* [What this task involves]: For the entries that follow, report how many lines include the word "outdoors" and add nothing.

* [Extracted records]:
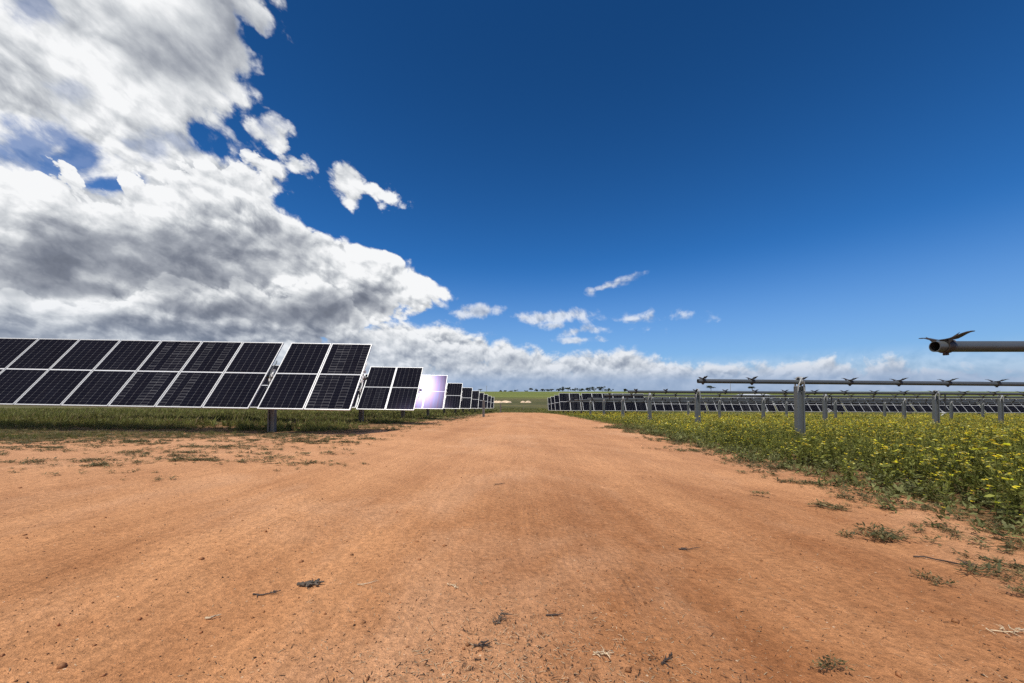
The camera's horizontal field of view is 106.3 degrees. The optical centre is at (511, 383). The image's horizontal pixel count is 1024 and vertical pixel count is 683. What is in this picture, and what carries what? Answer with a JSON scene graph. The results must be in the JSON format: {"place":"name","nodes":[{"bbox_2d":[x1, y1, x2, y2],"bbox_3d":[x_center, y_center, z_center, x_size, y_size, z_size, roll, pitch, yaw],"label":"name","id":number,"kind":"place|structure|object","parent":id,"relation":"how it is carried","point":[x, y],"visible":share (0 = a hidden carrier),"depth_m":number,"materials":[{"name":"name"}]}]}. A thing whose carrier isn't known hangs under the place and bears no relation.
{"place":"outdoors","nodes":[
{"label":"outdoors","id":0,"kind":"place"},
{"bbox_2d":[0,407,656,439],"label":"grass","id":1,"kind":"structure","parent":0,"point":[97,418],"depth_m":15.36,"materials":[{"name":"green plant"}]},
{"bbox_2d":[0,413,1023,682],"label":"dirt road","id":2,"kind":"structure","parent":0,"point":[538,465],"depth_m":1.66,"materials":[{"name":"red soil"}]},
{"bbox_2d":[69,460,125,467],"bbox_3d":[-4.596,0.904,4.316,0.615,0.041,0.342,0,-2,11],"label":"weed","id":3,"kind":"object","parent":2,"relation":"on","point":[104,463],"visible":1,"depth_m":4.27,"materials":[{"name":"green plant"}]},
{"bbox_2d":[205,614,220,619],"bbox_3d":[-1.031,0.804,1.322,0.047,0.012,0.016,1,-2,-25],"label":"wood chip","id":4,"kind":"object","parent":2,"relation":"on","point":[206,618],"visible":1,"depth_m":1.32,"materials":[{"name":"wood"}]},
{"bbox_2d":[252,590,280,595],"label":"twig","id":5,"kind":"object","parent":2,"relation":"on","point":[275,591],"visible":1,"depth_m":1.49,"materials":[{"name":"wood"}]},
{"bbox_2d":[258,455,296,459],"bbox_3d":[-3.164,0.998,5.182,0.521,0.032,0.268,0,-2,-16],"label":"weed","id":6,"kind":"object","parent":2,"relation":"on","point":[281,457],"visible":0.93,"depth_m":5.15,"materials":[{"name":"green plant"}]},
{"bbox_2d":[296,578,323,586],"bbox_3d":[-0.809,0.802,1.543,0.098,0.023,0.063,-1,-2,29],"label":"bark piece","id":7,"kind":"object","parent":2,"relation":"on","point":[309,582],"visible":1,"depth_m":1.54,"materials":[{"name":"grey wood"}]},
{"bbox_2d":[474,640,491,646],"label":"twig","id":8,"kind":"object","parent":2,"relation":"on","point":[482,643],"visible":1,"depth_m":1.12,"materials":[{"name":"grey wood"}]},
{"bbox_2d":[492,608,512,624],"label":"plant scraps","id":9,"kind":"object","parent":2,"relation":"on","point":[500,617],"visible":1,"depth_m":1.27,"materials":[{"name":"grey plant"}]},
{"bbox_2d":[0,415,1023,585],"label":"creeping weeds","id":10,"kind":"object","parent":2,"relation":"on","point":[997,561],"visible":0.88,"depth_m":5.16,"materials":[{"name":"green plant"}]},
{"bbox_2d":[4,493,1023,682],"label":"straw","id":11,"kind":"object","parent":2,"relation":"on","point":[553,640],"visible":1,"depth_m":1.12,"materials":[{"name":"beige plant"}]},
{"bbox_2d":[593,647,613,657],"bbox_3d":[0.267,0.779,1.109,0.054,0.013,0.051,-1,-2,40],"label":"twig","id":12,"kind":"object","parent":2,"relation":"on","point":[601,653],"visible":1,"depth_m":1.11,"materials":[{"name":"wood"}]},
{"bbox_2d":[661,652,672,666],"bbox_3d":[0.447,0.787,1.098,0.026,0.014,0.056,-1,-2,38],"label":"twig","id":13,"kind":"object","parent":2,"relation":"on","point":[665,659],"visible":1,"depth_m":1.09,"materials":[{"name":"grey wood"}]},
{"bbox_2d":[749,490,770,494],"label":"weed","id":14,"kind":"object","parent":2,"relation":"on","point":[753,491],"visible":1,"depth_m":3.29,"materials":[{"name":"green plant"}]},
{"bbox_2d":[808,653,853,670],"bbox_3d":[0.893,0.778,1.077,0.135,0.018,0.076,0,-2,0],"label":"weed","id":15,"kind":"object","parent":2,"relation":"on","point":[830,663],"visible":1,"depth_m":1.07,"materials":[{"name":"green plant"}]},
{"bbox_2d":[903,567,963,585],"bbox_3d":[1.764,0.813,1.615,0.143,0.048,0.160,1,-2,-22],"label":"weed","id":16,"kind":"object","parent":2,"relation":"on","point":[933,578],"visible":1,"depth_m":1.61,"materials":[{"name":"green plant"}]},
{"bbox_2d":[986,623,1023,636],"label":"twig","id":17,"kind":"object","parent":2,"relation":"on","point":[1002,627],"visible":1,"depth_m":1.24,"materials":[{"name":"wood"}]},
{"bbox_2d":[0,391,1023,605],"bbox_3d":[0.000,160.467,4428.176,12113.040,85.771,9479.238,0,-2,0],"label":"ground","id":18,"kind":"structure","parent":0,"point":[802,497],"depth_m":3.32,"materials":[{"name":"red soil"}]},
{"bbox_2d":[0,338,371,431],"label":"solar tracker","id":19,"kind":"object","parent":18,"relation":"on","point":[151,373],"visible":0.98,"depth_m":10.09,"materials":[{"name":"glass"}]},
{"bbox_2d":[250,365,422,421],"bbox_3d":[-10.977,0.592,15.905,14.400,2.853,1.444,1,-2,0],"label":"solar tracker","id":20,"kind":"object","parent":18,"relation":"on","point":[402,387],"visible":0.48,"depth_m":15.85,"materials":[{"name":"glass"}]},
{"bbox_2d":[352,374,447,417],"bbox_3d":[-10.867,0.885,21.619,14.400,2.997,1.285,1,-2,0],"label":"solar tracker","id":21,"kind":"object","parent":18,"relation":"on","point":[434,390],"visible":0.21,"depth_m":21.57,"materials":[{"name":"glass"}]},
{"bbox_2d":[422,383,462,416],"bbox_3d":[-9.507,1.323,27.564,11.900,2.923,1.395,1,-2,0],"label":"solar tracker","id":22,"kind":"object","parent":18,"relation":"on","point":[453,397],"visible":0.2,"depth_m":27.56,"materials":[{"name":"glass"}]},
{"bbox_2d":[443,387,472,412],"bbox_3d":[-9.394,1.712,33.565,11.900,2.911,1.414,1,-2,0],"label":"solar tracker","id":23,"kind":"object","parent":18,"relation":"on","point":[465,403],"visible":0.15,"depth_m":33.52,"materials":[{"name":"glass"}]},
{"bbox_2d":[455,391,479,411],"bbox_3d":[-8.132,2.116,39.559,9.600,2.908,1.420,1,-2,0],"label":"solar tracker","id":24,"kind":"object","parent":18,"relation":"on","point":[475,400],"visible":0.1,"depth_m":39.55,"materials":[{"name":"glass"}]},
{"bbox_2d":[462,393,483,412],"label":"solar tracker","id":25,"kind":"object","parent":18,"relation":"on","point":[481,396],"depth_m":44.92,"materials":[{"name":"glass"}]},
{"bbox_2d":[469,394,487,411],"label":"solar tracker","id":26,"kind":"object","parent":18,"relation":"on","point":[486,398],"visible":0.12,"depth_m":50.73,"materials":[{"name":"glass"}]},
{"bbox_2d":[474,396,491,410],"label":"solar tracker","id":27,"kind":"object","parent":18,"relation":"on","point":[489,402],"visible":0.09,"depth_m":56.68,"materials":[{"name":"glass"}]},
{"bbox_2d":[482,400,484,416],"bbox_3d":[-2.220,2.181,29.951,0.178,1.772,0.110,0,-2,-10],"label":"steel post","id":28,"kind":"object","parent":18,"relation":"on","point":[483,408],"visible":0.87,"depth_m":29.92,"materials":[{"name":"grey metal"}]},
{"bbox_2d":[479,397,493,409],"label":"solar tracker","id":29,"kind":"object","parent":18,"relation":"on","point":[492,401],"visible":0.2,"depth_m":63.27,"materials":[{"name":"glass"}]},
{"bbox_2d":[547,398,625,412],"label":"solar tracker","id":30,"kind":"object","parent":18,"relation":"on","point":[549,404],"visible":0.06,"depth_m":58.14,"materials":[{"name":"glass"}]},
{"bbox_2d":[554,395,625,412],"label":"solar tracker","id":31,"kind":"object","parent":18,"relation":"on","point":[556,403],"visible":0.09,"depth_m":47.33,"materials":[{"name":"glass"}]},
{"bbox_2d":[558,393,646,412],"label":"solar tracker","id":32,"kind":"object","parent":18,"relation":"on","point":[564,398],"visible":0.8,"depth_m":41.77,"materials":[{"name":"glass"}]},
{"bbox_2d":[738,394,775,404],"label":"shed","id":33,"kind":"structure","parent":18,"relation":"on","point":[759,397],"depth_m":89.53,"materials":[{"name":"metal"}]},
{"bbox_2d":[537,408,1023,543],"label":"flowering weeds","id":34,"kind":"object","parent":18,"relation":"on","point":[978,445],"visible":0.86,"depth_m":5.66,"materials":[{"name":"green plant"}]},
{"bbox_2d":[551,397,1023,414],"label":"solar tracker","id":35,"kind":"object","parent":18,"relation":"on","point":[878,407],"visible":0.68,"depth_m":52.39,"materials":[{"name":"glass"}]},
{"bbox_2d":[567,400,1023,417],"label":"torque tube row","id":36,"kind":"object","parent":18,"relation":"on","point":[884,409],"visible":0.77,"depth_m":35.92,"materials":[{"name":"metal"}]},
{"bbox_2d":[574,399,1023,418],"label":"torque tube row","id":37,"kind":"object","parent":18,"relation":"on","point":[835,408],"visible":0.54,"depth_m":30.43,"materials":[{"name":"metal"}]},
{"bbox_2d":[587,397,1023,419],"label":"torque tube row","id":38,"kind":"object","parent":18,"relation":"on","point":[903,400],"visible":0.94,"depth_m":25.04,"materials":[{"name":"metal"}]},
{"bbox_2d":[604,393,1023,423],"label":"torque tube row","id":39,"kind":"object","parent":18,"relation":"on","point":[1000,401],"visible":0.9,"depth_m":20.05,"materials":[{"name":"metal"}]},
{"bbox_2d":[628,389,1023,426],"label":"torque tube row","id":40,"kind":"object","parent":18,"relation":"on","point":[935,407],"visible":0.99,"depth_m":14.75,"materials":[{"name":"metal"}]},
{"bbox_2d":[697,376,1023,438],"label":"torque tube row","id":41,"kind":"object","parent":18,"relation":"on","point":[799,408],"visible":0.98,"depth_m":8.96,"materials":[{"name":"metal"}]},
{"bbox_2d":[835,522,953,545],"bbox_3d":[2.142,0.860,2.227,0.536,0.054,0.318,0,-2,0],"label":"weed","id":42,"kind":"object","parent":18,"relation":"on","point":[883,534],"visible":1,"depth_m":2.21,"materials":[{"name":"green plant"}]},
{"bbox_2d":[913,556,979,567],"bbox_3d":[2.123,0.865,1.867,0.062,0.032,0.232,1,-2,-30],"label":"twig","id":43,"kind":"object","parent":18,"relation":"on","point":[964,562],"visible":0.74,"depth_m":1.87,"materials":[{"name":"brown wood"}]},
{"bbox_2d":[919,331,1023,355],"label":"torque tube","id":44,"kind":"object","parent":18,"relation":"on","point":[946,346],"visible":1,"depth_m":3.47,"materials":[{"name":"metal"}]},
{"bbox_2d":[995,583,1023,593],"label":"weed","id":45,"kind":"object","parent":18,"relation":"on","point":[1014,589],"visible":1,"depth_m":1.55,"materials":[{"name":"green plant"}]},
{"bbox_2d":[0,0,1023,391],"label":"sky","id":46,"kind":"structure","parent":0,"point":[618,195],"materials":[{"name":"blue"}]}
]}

* [Response area]: 2